Brandon Magee always brought the energy when he was a linebacker and outfielder at Arizona State.
From 2008-12, the multi-sport athlete accumulated 231 total tackles, 24.5 tackles for loss, 10 sacks and three interceptions. He was also the heart and soul of the team in the locker room.
He played for the Dallas Cowboys, Tampa Bay Buccaneers and Cleveland Browns after ASU. Magee spent time in the Boston Red Sox organization as well.
Those who knew Magee at Arizona State knew he would be successful in whatever he ended up doing. He’s proving that now in Hollywood.

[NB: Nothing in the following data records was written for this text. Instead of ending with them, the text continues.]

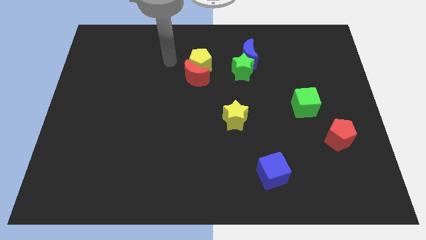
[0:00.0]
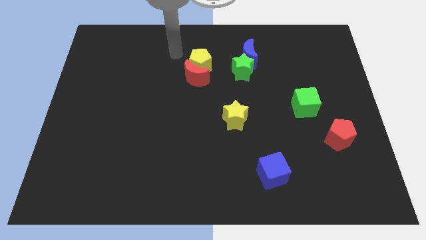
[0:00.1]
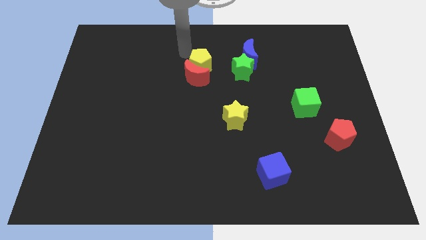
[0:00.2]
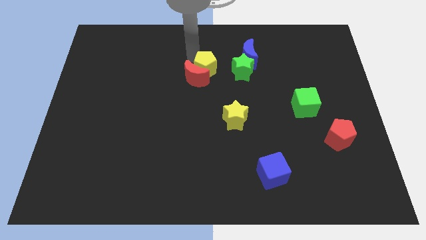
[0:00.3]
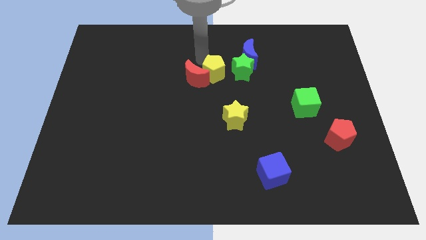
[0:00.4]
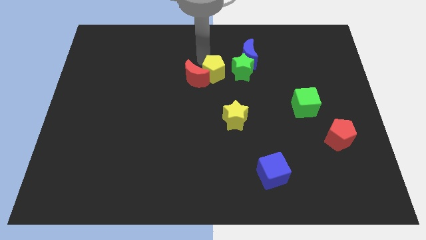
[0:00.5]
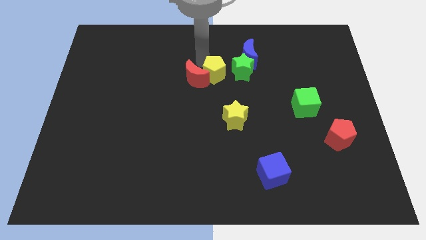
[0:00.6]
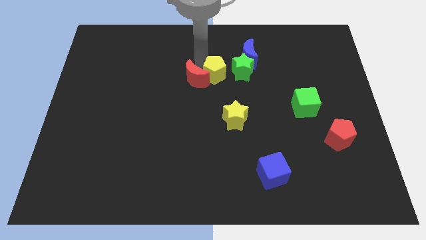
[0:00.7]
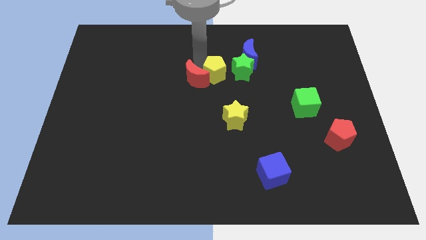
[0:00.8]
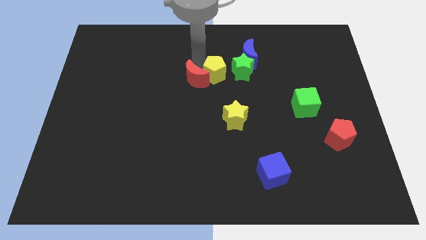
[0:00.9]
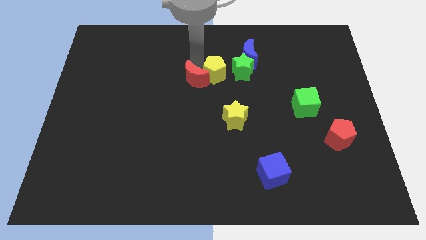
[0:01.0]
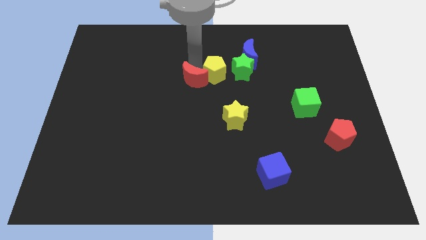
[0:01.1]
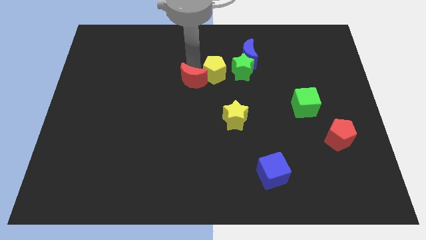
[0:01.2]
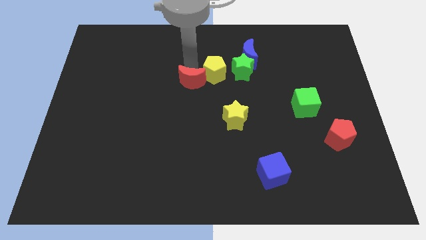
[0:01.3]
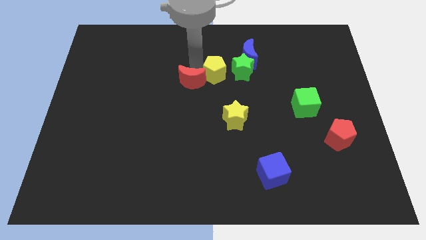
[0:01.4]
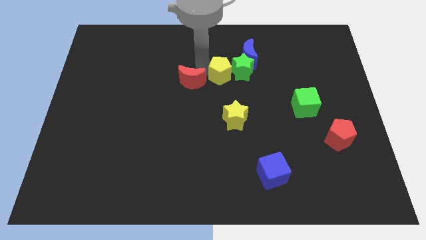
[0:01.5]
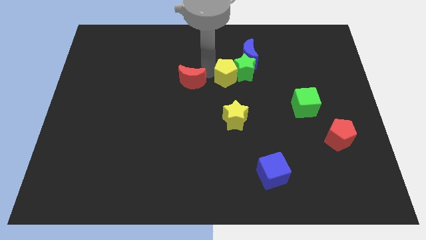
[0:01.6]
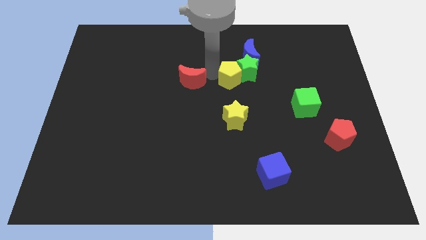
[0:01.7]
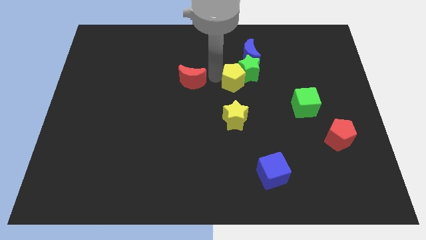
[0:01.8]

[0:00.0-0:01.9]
move the red moon away from the yellow pentagon

Magee put that intensity on the field into a project that is near and dear to his heart. On Dec. 1, 2020, it was announced that “Redd Zone” would be produced by Westbrook Studios and released by Netflix. The movie tells the true story of Tia Magee, Brandon’s mother, who will be played by Jada Pinkett Smith.

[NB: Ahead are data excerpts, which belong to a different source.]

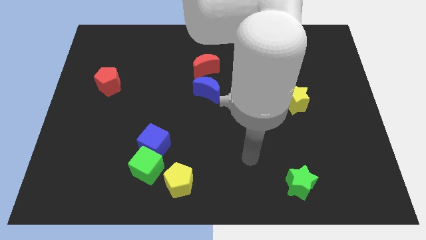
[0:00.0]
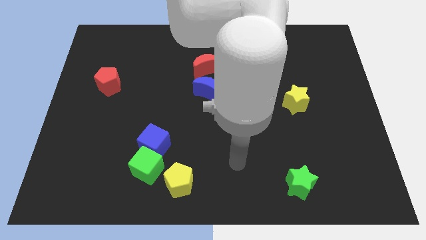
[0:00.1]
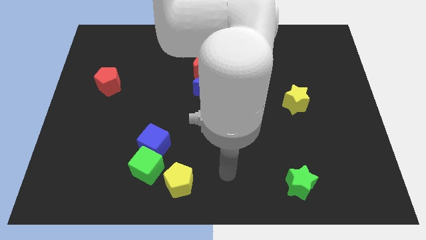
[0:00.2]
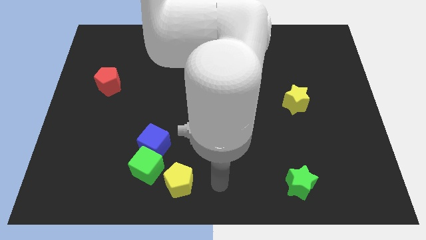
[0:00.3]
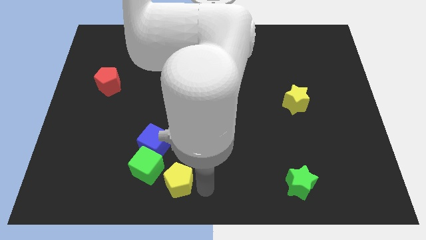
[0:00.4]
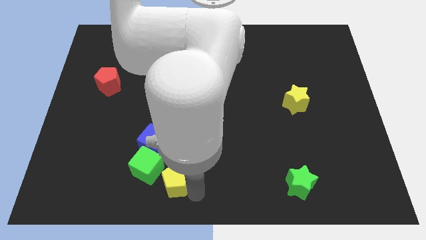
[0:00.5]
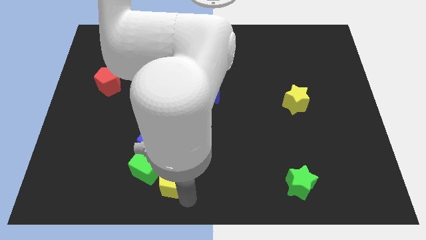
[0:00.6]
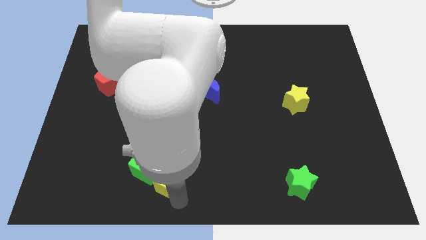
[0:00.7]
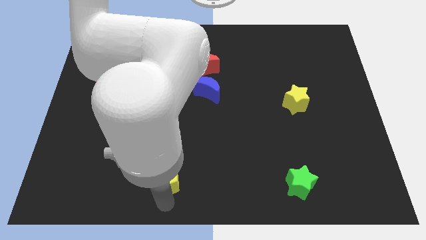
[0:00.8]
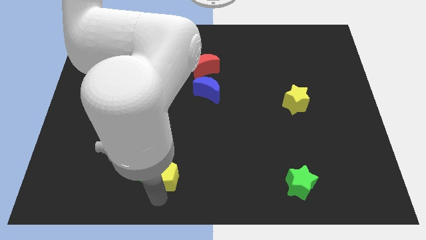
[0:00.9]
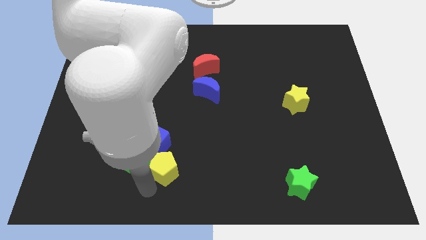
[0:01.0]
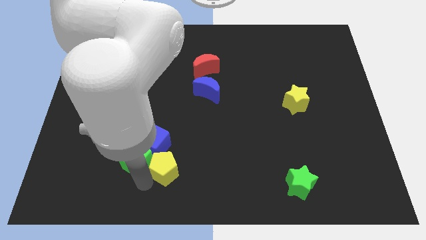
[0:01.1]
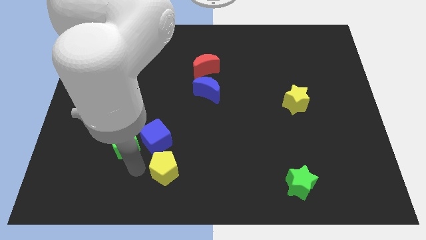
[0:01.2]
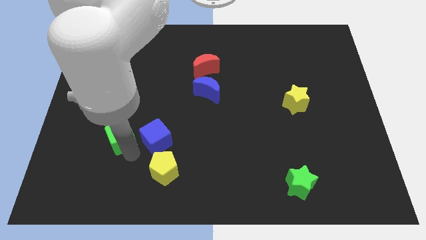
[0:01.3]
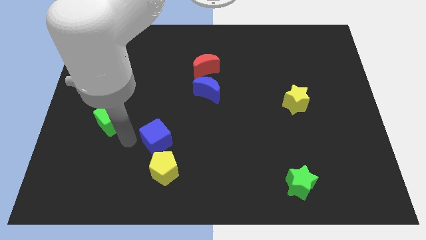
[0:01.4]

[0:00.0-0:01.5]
move the blue cube away from the green cube

After Brandon’s best friend, Dominic Redd, was murdered at the age of 15, Tia housed and supported 17 boys within their community. Eventually, all of them attended college and four ended up playing in the NFL.
“The last couple of months has been flat-out insanity,” Brandon said. “After the announcement, I had not had a normal day. It’s been boom, boom, boom…every single day. And with that schedule, it’s exciting. I love it. I’m thriving in it. I’m having more fun than I’ve ever had in any career, period, right now in Hollywood.”
The project tells Tia’s story and is dedicated to Redd.
“(Dominic Redd) changed my life forever,” Brandon said. “Everything you see me do on that field, in the weight room, in the media, giving back to community, the type of person I am, is because of him. He had that same impact on other guys that live at the house and outside the house in the community. So it’s a given: I was put here on Earth to tell my friend’s story.”
Hollywood Staples Join Redd Zone
Magee went to Hollywood with a concept ready for the film, but he recalls that the athlete card got him nowhere in Hollywood. As he was looking for supporters and mentors, he met a fellow Sun Devil who has been crucial to the project in Howard Burkons, who most notably was co-executive producer of the Denzel Washington film John Q.
The duo met at an ASU alumni event, and the writer and producer has helped Magee put his family’s story into a script and a film.
“Howard Burkons literally changed my life everybody involved with Redd zone. Without his guidance, there’s no ‘Redd Zone,'” Magee said.
“I did not know this guy. And he saw something in me early on where I didn’t know anything. He believed in me so much, that he literally taught me everything he knows and he’s still teaching me to this day.”
As Magee and Burkons fine-tuned the project, another Hollywood heavy hitter came aboard: Jada Pinkett Smith.
For years, Brandon has always envisioned that this project would get made and their community’s story would be told to a wide audience. But even he had to take a second to process that a star of Pinkett Smith’s magnitude would star in the film.
“It took a couple of days for that to sink in, to be quite honest with you,” Magee said. “(My mom) was really excited about that. There is no actress that can play my mom Miss Tia better than Jada Pinkett Smith, I can guarantee that right now.”
Going from the Field to Film for Brandon Magee
While it was a completely new landscape for Magee when he got to Hollywood, he’s using the same tenacity and discipline needed on the football and baseball fields in the film industry. He’s used to working in front of his counterparts, but moving behind the scenes, when no one is watching, has made him reach new levels.
“In Hollywood, producers and writers are unseen. Nobody knows how hard they’re working,” Magee said. “So if you thought I worked hard, when I can see them, I’m working even harder by guessing that they’re working harder than me. So I’m always leveling up every single day. I’m out there doing something to improve my life. I will never be caught. There’s nothing that could stop me and no one. It’s a wrap. It’s about to be scary time out here. There’s nothing that could stop me.”
While he’s gone from Corona, California to Tempe, Arizona to the NFL and now Hollywood, Brandon Magee hasn’t changed.
Though it’s a studio instead of a stadium now, expect the same impact he made on and off the field with the stories he’s going to tell.